* Goal of the exercise *
Every entry is to be restated exactly; pictures are not part of the copy.

* Information given *
....................

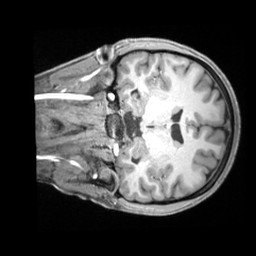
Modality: T1w
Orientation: coronal
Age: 23
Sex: female
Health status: ill
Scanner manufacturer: siemens
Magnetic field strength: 3 T
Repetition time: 2.2 s
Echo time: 0.00218 s
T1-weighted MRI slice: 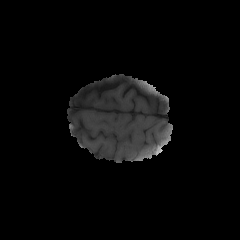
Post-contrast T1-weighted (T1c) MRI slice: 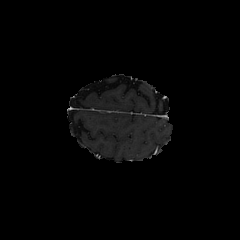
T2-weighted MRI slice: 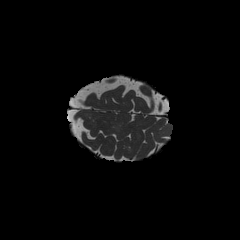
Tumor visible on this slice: no
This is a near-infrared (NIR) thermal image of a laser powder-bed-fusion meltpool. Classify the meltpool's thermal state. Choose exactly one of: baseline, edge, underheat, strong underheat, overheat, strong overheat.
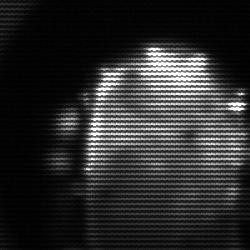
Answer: baseline
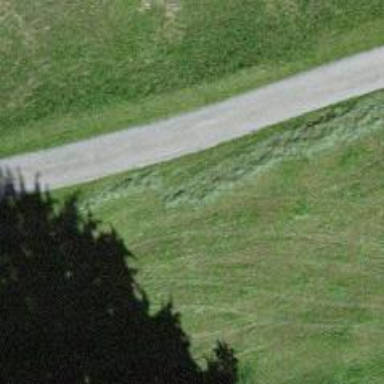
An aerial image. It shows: Well-maintained track road with grade 1 tracktype.
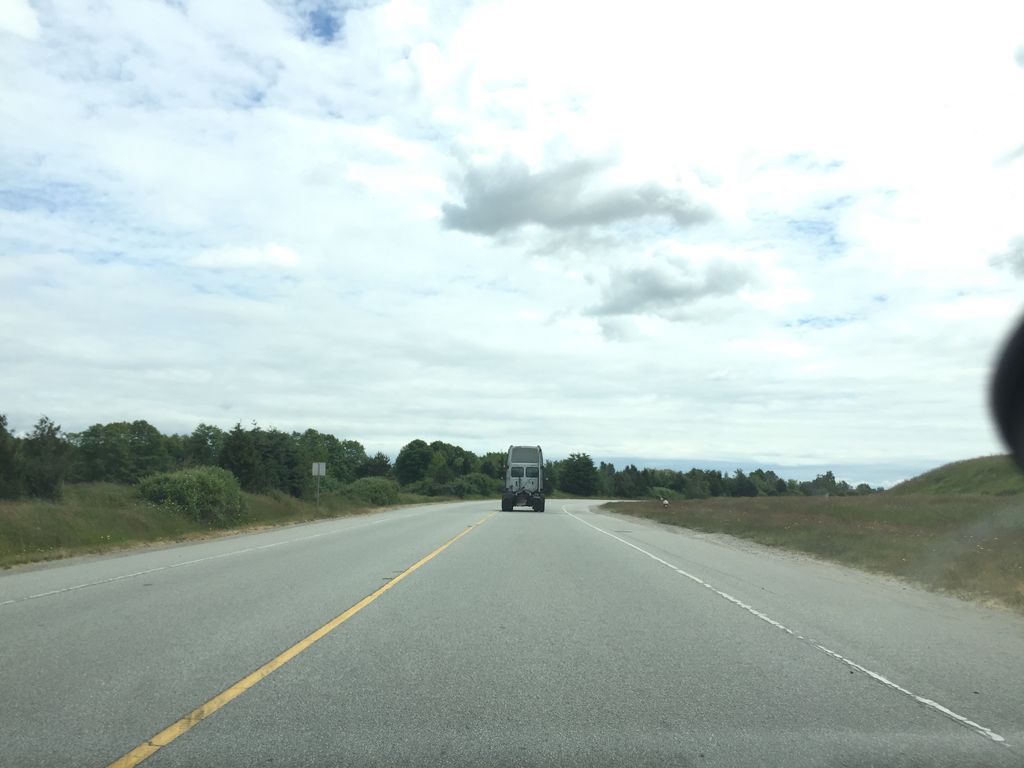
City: vancouver
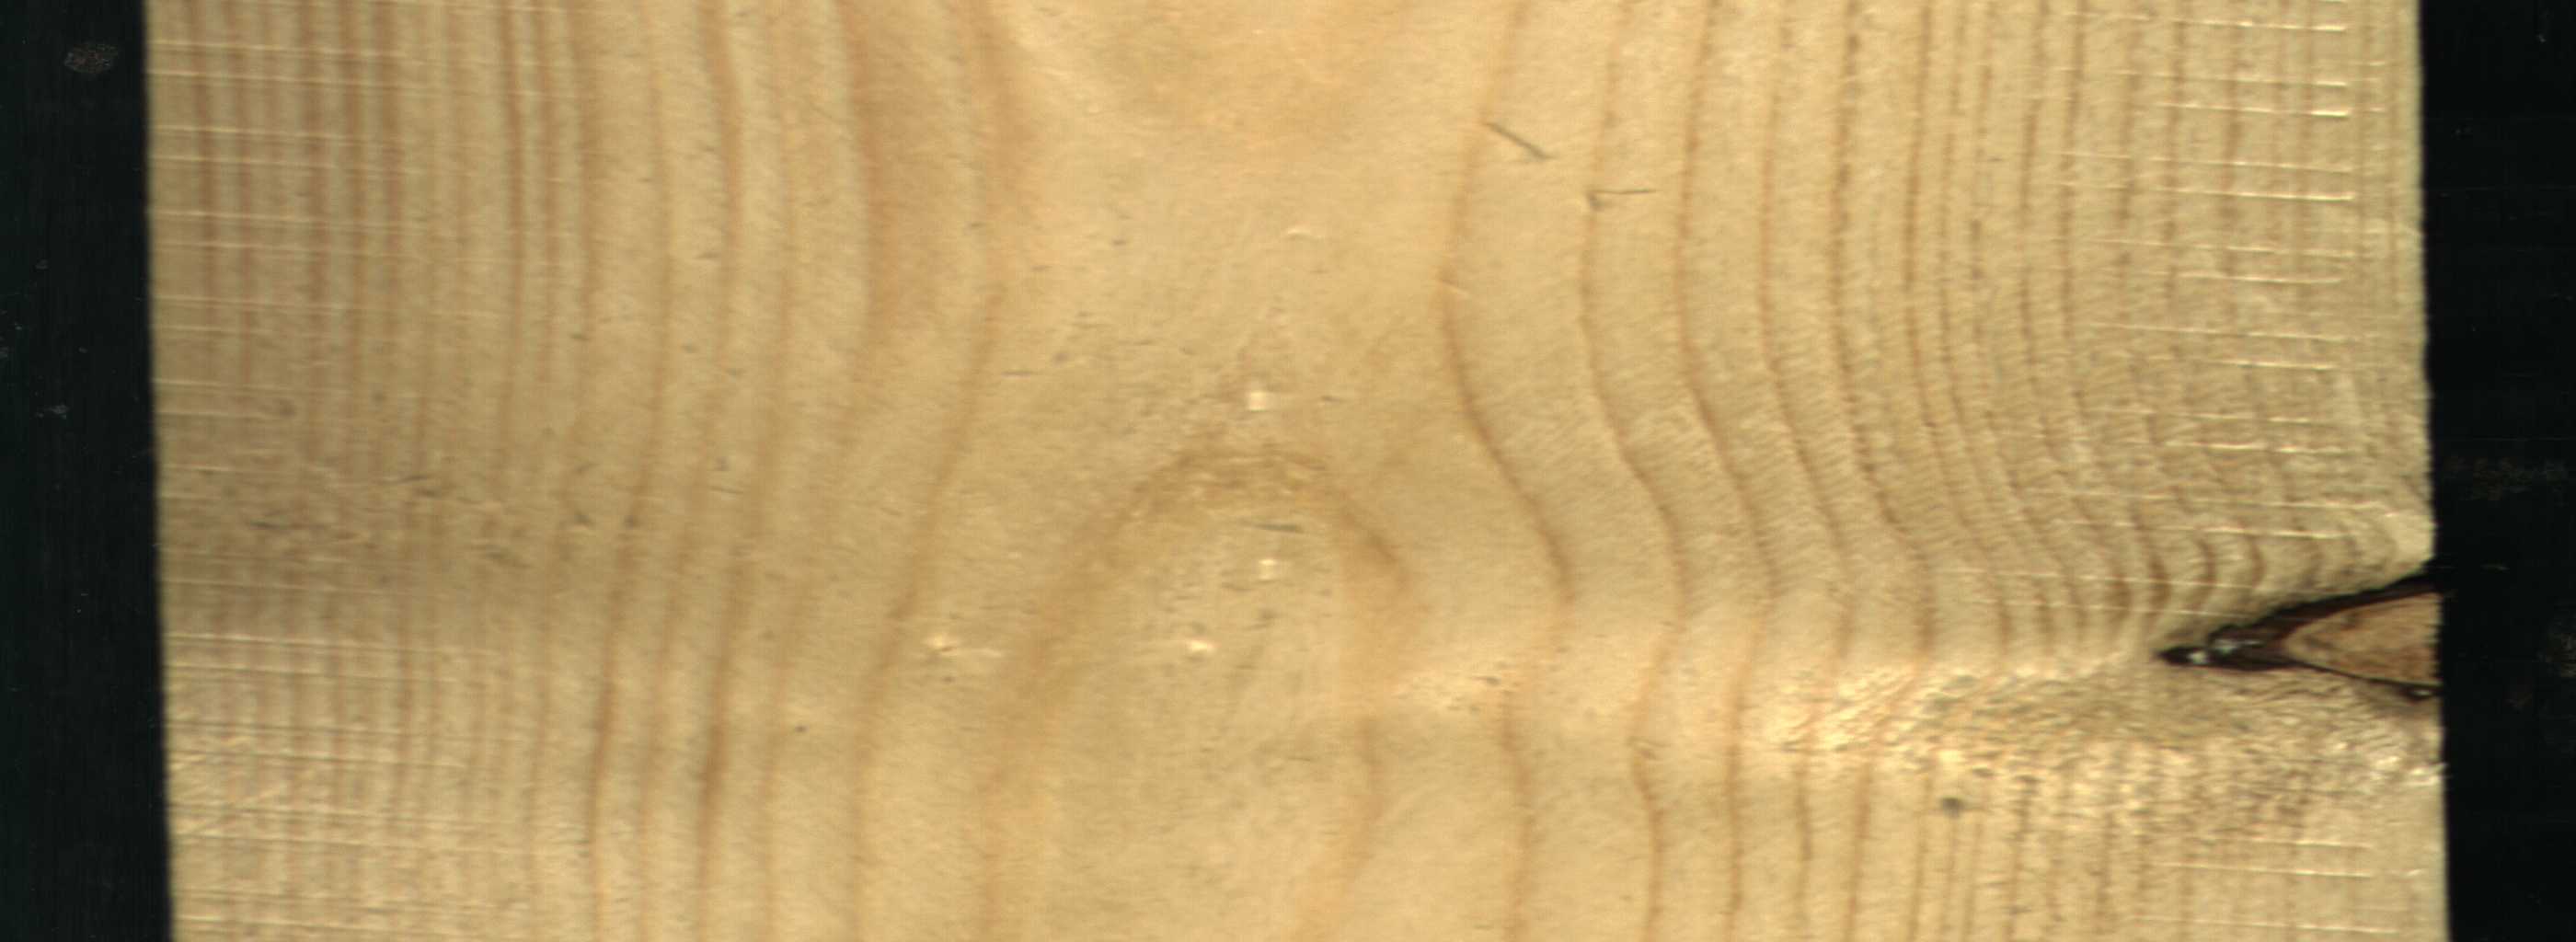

....................

* Reply *
Modality: T1w
Orientation: coronal
Age: 23
Sex: female
Health status: ill
Scanner manufacturer: siemens
Magnetic field strength: 3 T
Repetition time: 2.2 s
Echo time: 0.00218 s
T1-weighted MRI slice: 
Post-contrast T1-weighted (T1c) MRI slice: 
T2-weighted MRI slice: 
Tumor visible on this slice: no
This is a near-infrared (NIR) thermal image of a laser powder-bed-fusion meltpool. Classify the meltpool's thermal state. Choose exactly one of: baseline, edge, underheat, strong underheat, overheat, strong overheat.
Answer: baseline
An aerial image. It shows: Well-maintained track road with grade 1 tracktype.
City: vancouver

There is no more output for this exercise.